Monday, January 23, 2017

Global Positioning Superfluity – Erich

Call me chicken if you must.

We had to fly from Kochi in the Indian state of Kerala (in the south) to Jaipur in the Indian state of Rajasthan (in the north). But our flight had an overnight layover in Mumbai. We arrived into Mumbai at around 10 at night and flew out the next morning just before noon.

Having no desire to spend the night in the airport, Alrica found us a hostel in which we could stay the night. It turns out it was close enough to walk between the airport and the hostel and we actually did walk back to the airport on the following morning. But, being nighttime, we did not choose to walk to the hostel. Instead we used an Uber.

Uber has been a huge help on this trip. In many places it is very efficient. You pay through the app by credit card so you don't have to have the proper cash or the right size of bills. Plus, the drivers can't cheat you by purposely taking the long way around and running up the meter, because Uber gives you an estimate of what your fare will be. Great, right?

Usually, yes. But like so many things in India, this was harder than it needed to be.

First we requested the Uber. Now, it is pinned to your phone, so the app knows where you are. But we were in the airport and there is a specific place for the driver to meet you there. We went there. Our driver did not. At least not at first. You can watch where your driver is on the app, and he must have circled the airport roads at least half a dozen times. He was apparently unable to find where he was supposed to be.

But he did eventually (probably after 20 or more minutes) find the right place. And we would have been better off if he hadn't.
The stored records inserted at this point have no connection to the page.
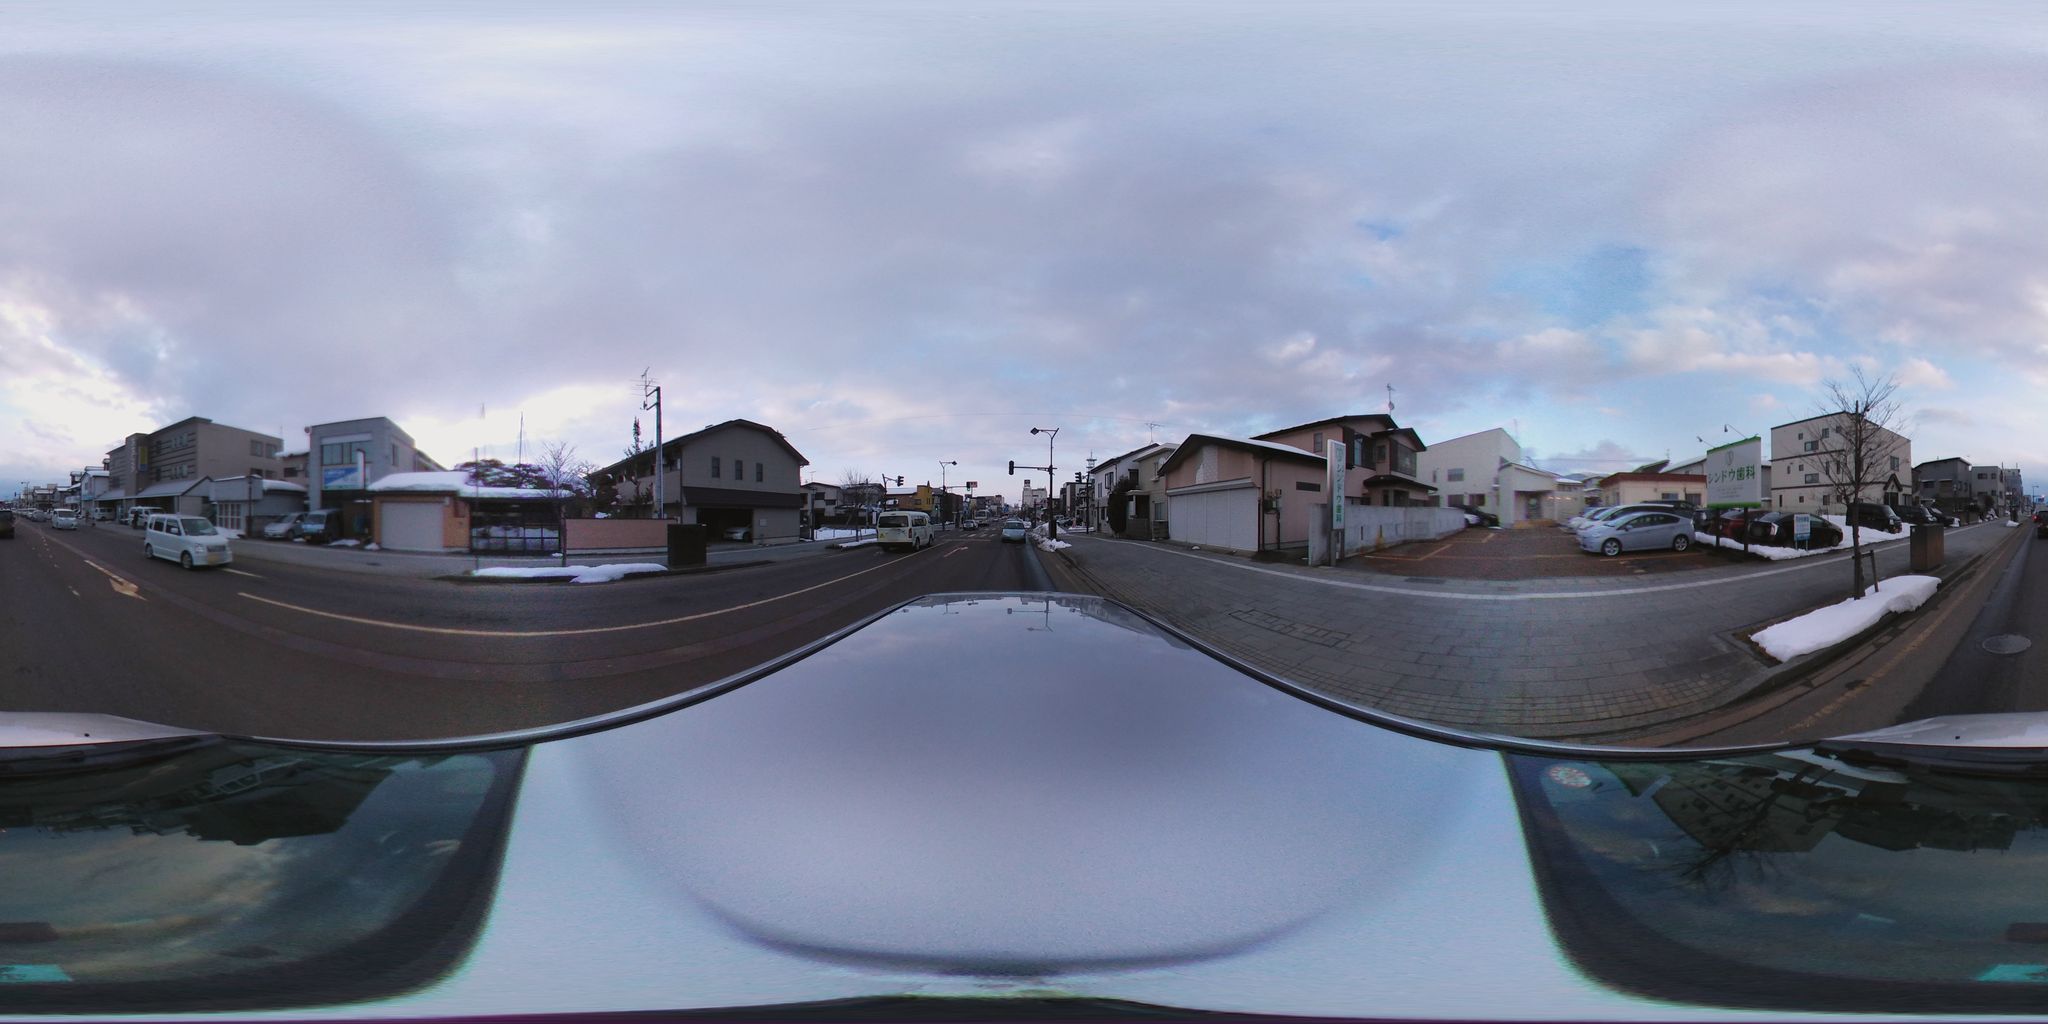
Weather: snowy
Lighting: day
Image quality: slightly poor
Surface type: driving surface
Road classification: footway
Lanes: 2.0
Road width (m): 4
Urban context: urban centre
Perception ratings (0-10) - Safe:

This guy was young. Not only did he look young, he drove like he had just gotten his driver's license yesterday. He met us in the airport parking garage. Just trying to get out the garage, he was clueless. He couldn't follow the signs that said "Exit" and had arrows pointing the way. He would miss every single turn. He would always go too far, then have to put the car in reverse, back up, and make the turn.

You know how some cars can "turn on a dime." This car couldn't turn on a merry-go-round. I'm not saying the turns he was making had a radius as wide as the Large Hadron Collider, but had we be subatomic in size, CERN might have been watching us to determine if we were Higgs-Bosons.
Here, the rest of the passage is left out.